The opposite tags index / follow / archive override the corresponding prohibiting directives. There are some other tags telling how the page may appear in search results, such as snippet / nosnippet / notranslate / nopagereadaloud / noimageindex.

If you use some other tags valid for other search engines but unknown to Google, Googlebot will simply ignore them.

4. X-Robots-tag

Instead of meta tags, you can use a response header for non-HTML resources, such as PDFs, video and image files. Set to return an X-Robots-Tag header with a value of either noindex or none in your response.

You can also use a combination of directives to define what the snippet will look like in search results, for example, max-image-preview: [setting] or nosnippet or max-snippet: [number], etc.

You can add the X-Robots-Tag to a website's HTTP responses through the configuration files of your site's web server software. Your crawling directives can be applied globally across the site for all files, as well as for individual files if you define their exact names.

Note

A rule of thumb for the noindex directive to be effective is that the page with the noindex meta tag or the X-Robots-tag must not be blocked by a robots.txt file. If the page is blocked by a robots.txt file or the crawler can't access the page, it will not see the noindex directive, and the page can still appear in search results, for example, if other pages link to it.

You can quickly review all robots instructions with WebSite Auditor. Go to Site Structure > All Resources > Internal Resources and check the Robots’ Instructions column. Here you will find the disallowed pages and which method is applied, robots.txt, meta tags, or X-Robots-tag.

Check blocking rules in WebSite Auditor's All resources > Internal resources tab
Review X-Robots-tage responses in the All Resources module
Download WebSite Auditor

5. Server response codes

The server hosting a site generates an HTTP status code when responding to a request made by a client, browser, or crawler. If the server responds with a 2xx status code, the content received may be considered for indexing. Other responses from 3xx to 5xx indicate there is an issue with content rendering. Here are some meanings of the HTTP status code responses:

200 — OK, the URL can be indexed.
301 — a redirect, the page has been moved, the crawler has to visit the indicated target.
302 — temporary redirect, means practically the same, and if the temporary redirect is not removed soon, the target of the redirect will be included in the search index.
304 — an implicit redirection to a cached resource; the page has not changed since the latest crawl and the bot will not recrawl it.
404 — page not found but the bot will undertake several attempts to visit it, especially if some other pages link to it.
503 — service temporarily unavailable; all 5xx errors are internal server errors and should be used during the undergoing work on a website.

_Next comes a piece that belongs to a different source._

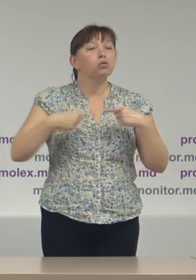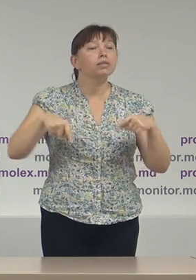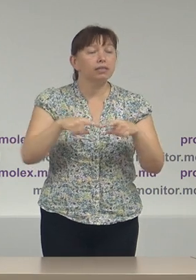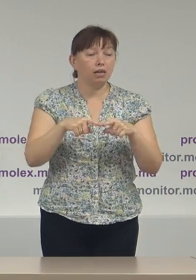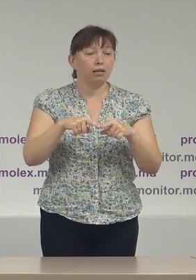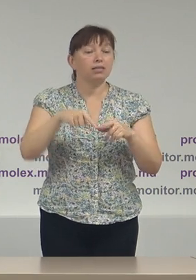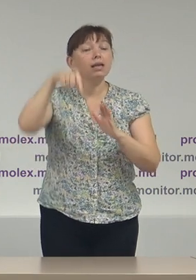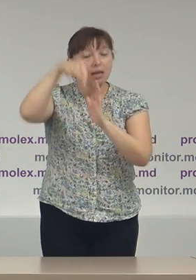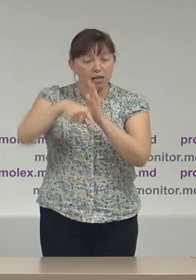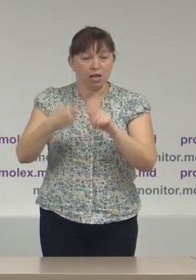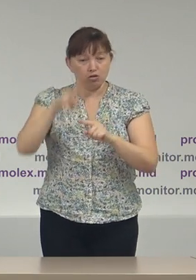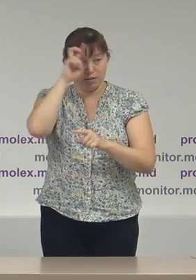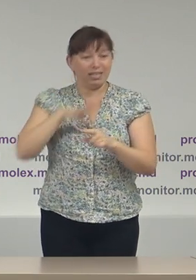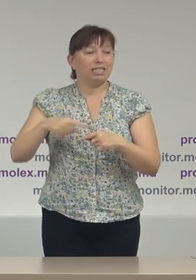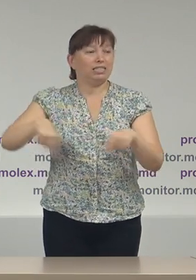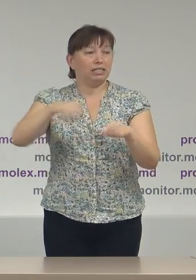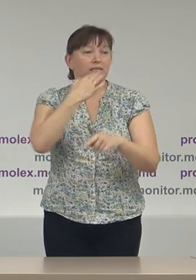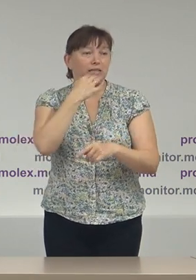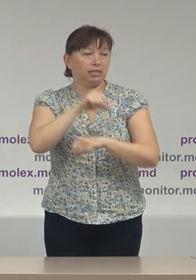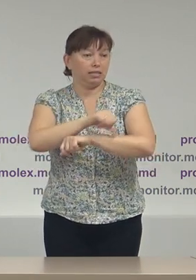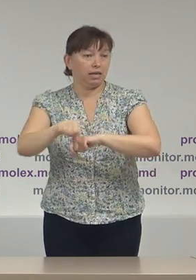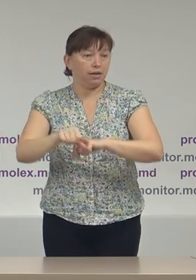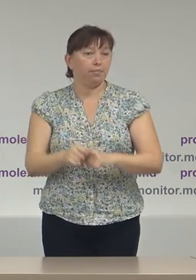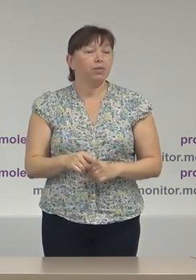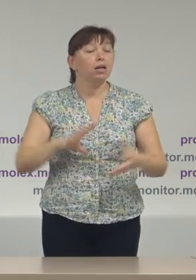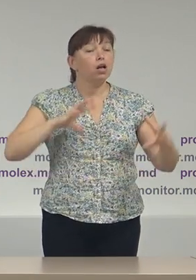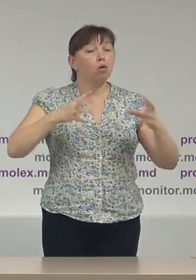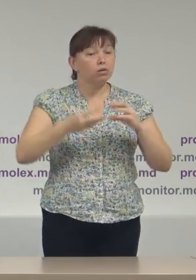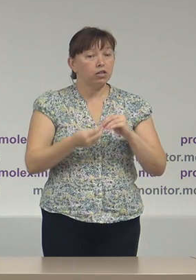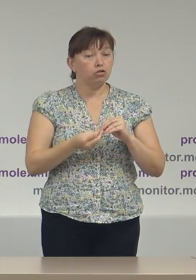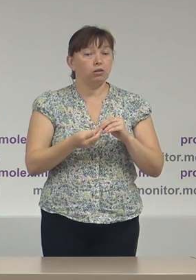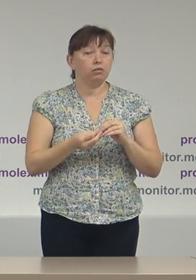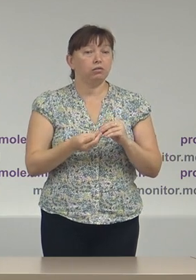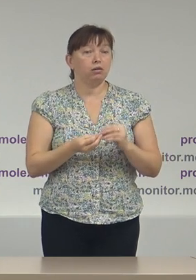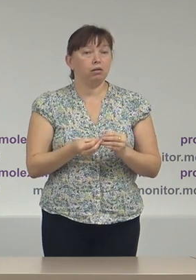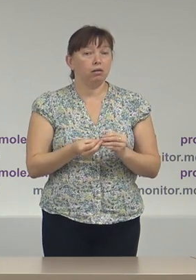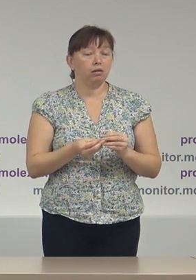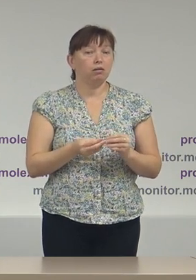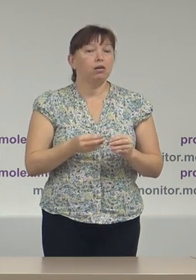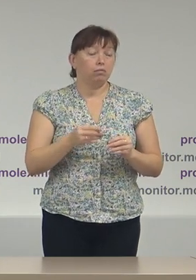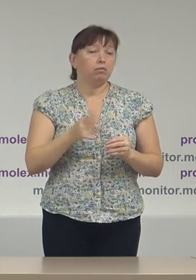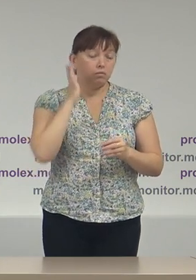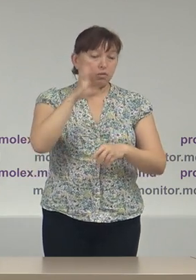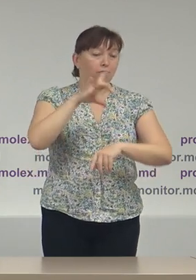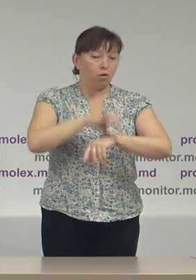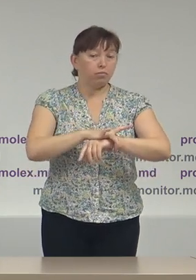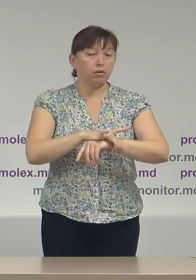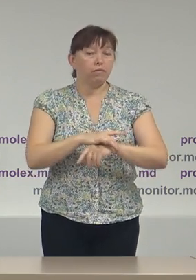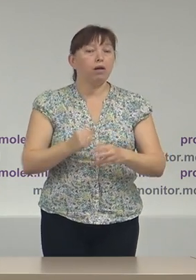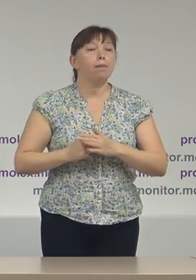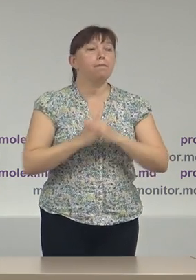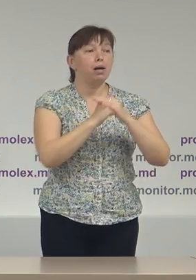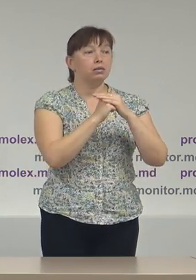aceste țări. În consecință, se va observa că în

301 redirects are used when:

  • You removed a page and you want to send users to a new page.
  • You're merging two sites and want to make sure that links to outdated URLs are redirected to the correct pages.
  • People access your site through several different URLs (via http/https or www/non-www versions of your site).
  • You've moved your site to a new domain.


302 temporary redirect

The temporary 302 redirect should be used only on temporary pages. For example, when you are redesigning a page or testing a new page and collecting feedback, but don’t want the URL to drop from rankings.

304 to check cache

304 response code is supported in all most popular search engines, like Google, Bing, Baidu, Yandex, etc. The correct setup of the 304 response code helps the bot understand what has changed on the page since its last crawl. The bot sends an HTTP request If-Modified-Since. If no changes are detected since the last crawl date, then the search bot does not need to re-crawl the page. For a user it means that the page won’t be fully re-loaded, and its contents will be taken from the browser cache.

The 304 code also helps to:

  • Serve content faster, which is especially valuable for poor Internet connections.
  • Save the server from extra requests because, if the page has not changed, there’s no need to recrawl it.
  • Spare crawling budget and index pages faster.

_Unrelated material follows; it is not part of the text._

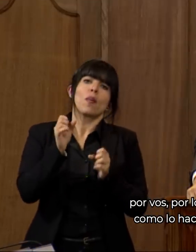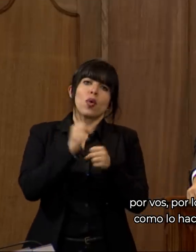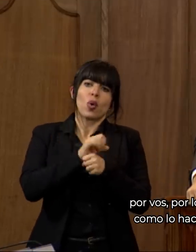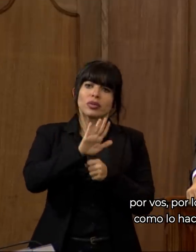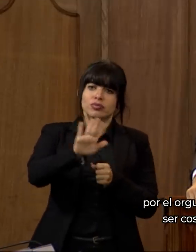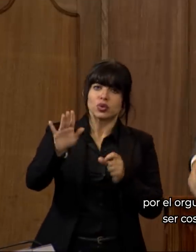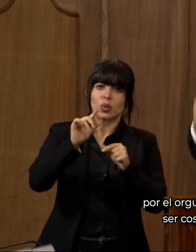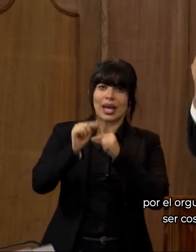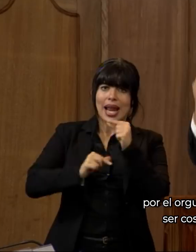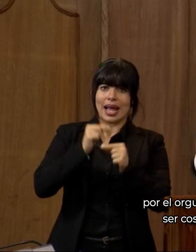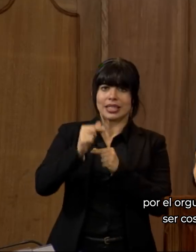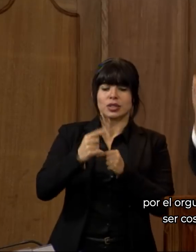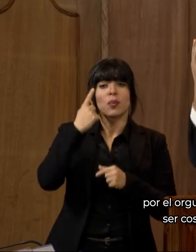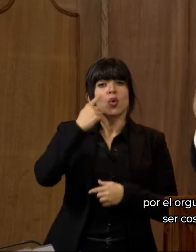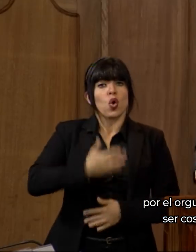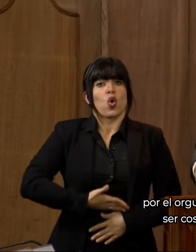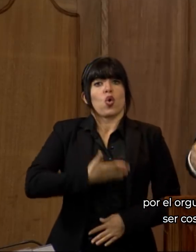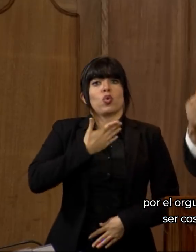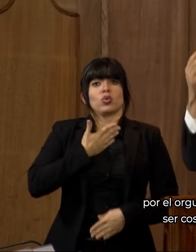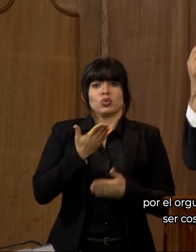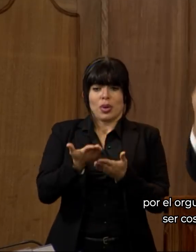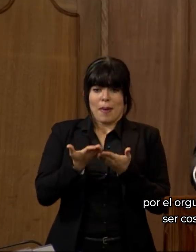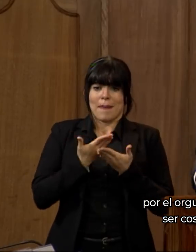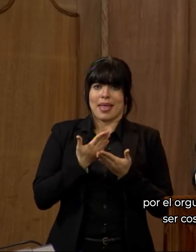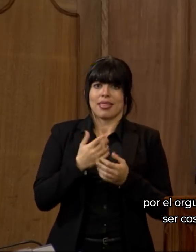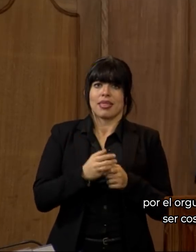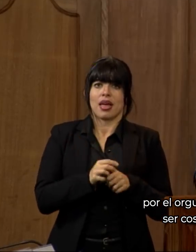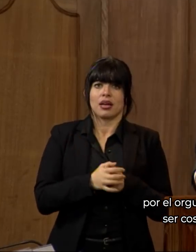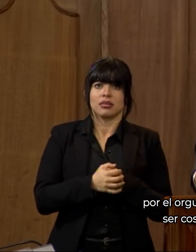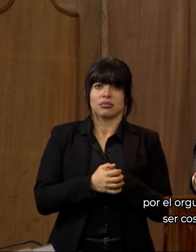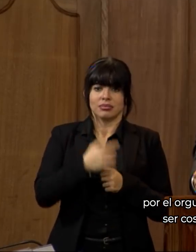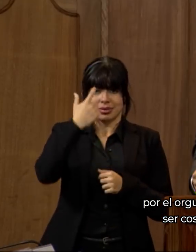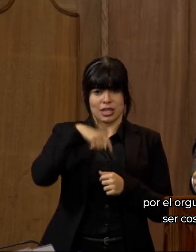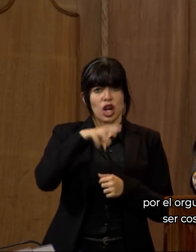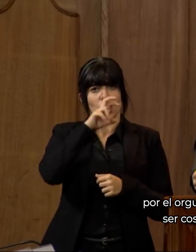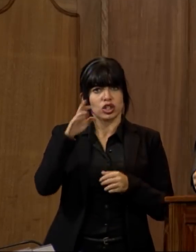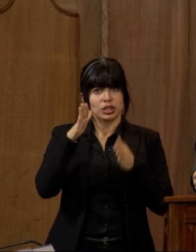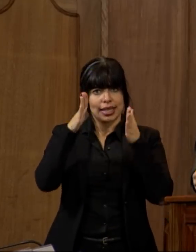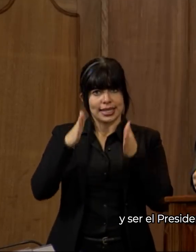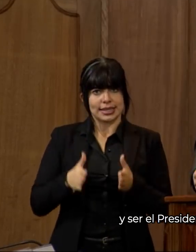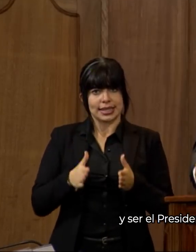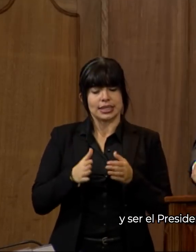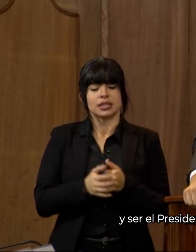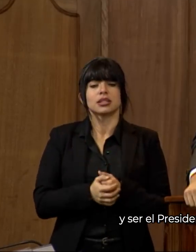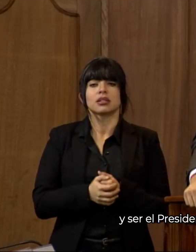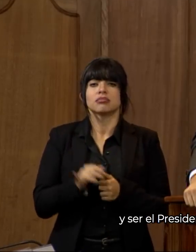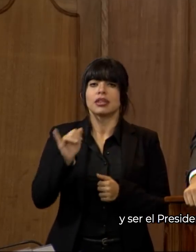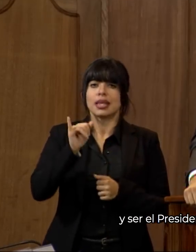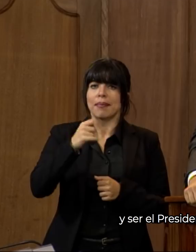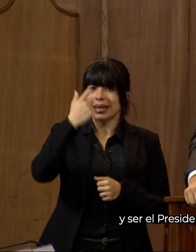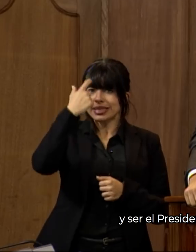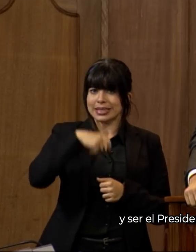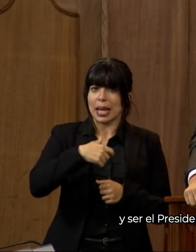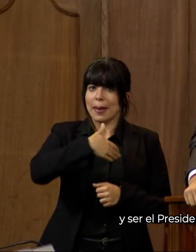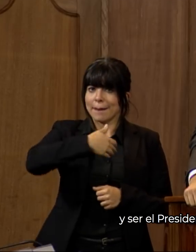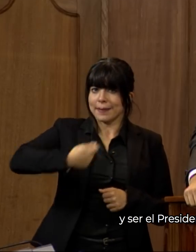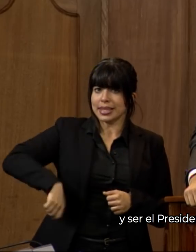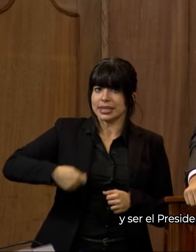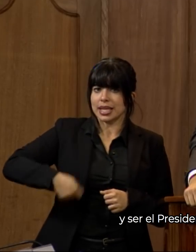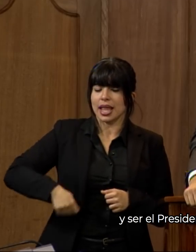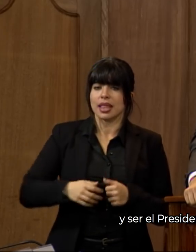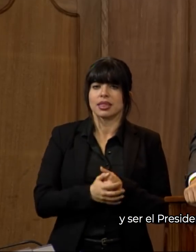generación, por el orgullo que me da ser costarricense y ser el presidente

It is important to check the caching of not only the content of the page, but also static files, like images or CSS styles. There are special tools, like this one, to check the 304 response code.

Tool to check 304 response code
Checking 304 response on a URL

Typical issues with response codes

Most often, server response code issues appear when crawlers keep following the internal and external links to the deleted or moved pages, getting 3xx and 4xx responses.

A 404 error shows that a page is not available and the server sends the correct HTTP status code to the browser — a 404 Not Found.

However, there are soft 404 errors when the server sends the 200 OK response code, but Google considers it should be 404. This can happen because:

  • A 404 page is not set up properly: the site serves no 404 response to unavailable content; the 404 response has to be configured properly.
  • A page has been moved, but without a 301 redirect, which generates a 404 error.
  • 404 response to an existing page: the page is available, but Google thinks it’s thin content and penalizes it, so here you need to improve the page’s content.
  • Redirecting a page with a 404 response to a page with a 200 response, for example, to the homepage. Such redirect is misleading for users.

In WebSite Auditor’s Site Audit module, review the resources with 4xx, 5xx response code under the Indexing and Crawlability tab, and a separate section for broken links in the Links tab.

Find all broken resources and broken links in the Site Audit module
Review broken links in the Site Audit module
Download WebSite Auditor

Some other common redirect issues involving 301/302 responses:

  • Too-long redirect chains: if you redirect several pages to one another with two or more 301 redirects, they finally will drop out of the index because Google does not crawl long redirect chains.
  • Sneaky redirects that are considered a bad practice and are penalized by Google.
  • 302 redirect stays for too long: both the source and the target get into the index, but without redistribution of the ranking strength. If you find a 302 redirect during your technical site audit, review whether it’s really necessary.

You can review all pages with 301 and 302 redirects in the Site Audit > Redirects section of WebSite Auditor.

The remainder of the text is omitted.